The report — published by Seattle-based actuarial and consulting firm Milliman Inc. and commissioned by the Mental Health Treatment and Research Institute LLC, a not-for-profit subsidiary of The Bowman Family Foundation — dove into the data of 37 million workers and their dependents with commercial preferred provider organization (PPO) plans from 2013 to 2017.
Researchers found that disparities between behavioral health services and physical health services during that time actually increased.
For example, in 2013, inpatient behavioral health facilities were 2.8 times more likely to be out of network than medical or surgical inpatient facilities. By 2017, that likelihood grew 85%, with behavioral health facilities 5.2 times more likely to be out-of-network.
When it came to outpatient facilities, researchers found a similar correlation. Behavioral health providers were 5.7 times more likely to be out-of-network than their medical counterparts in 2017 — up 90% from five years earlier.
The list of behavioral health discrepancies goes on and continues into the realm of reimbursement, though to a slightly lesser degree, according to the study.
Across the board, the average reimbursement for behavioral health providers between 2013 and 2017 was lower than for medical providers, and that gap also worsened slightly over time.
Take office visits, for example. In-network reimbursements for primary care visits were nearly 24% higher than for behavioral health visits in 2017, up three percentage points from 2015.

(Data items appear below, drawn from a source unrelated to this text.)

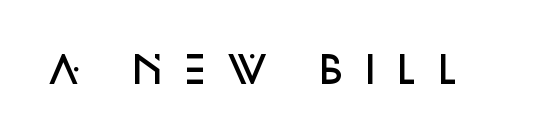
The image shows 37 px semibold sans-serif type, upright; set unusually wide letter spacing (+0.33 em), not underlined; low stroke contrast and a large x-height.
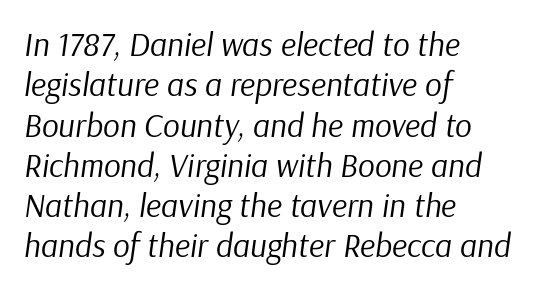
Q: Is the text bold? A: No.
Q: Is the text italic (slanted)? A: Yes, it leans right by about 9 degrees.
Q: Is the text underlined? A: No.
Q: How is the paragraph aligned? A: Left-aligned.
Q: Is the spacing between letters normal or unusually wide? A: Normal.
Q: Width (condensed, normal, or wide)? A: Normal.
Q: Stroke contrast? A: Low.
Q: x-height? A: Medium.
Q: Monospaced? A: No.
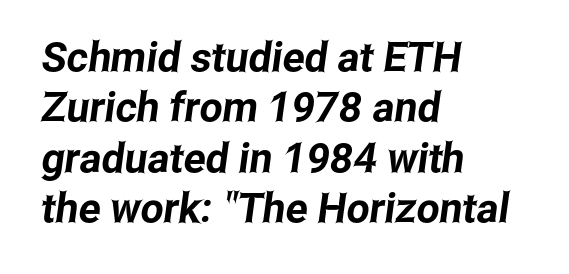
Q: Is the typeface a serif or a sans-serif typeface? A: Sans-serif.
Q: Is the text underlined? A: No.
Q: How is the paragraph aligned? A: Left-aligned.
Q: Is the spacing between letters normal or unusually wide? A: Normal.
Q: Width (condensed, normal, or wide)? A: Condensed.
Q: Stroke contrast? A: Low.
Q: x-height? A: Medium.
Q: Monospaced? A: No.
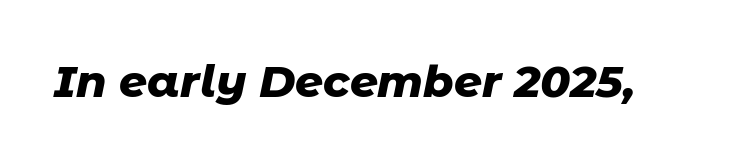
Slanted lettering throughout. The letters are bold, with thick, heavy strokes. Character widths vary here, with narrow letters taking less room than wide ones. Unmarked baselines from the first word to the last. Nobody touched the tracking dial on this one.
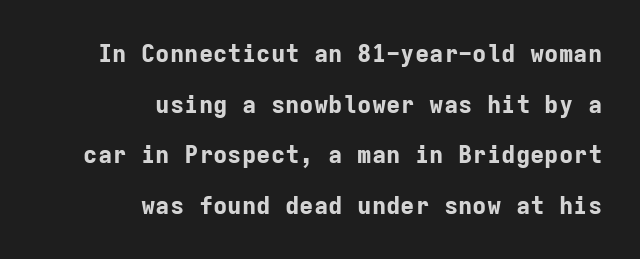
You can tell it's not italic because the verticals are truly vertical. Nothing unusual about the tracking: characters are spaced as the font intends. The block of text is sparse from top to bottom, with ample space between rows. Each line ends at the same right margin while the left side varies.
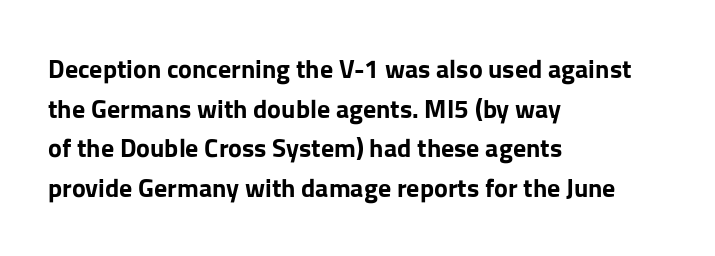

And in 2017, 11 states saw reimbursement rates for primary care visits that were more than 50% higher than for behavioral health visits. That number from from nine states in 2015.
Given the findings, Milliman researchers advised health plan to carefully review their processes to ensure compliance with the federal Mental Health Parity and Addiction Equity Act (MHPAEA), which generally requires insurers to cover mental health and substance use disorder (SUD) treatment the same as they would for treatment of other diseases.
“While MHPAEA federal rules state that disparate results are not in and of themselves definitive evidence of noncompliance, significant disparities, such as high out-of-network use of behavioral health providers and/or lower reimbursement for behavioral providers, could point to compliance problems,” they wrote.
However, the researchers declined to provide an opinion on discrepancies within reimbursement rates, noting that they’re “impacted by many processes and factors.”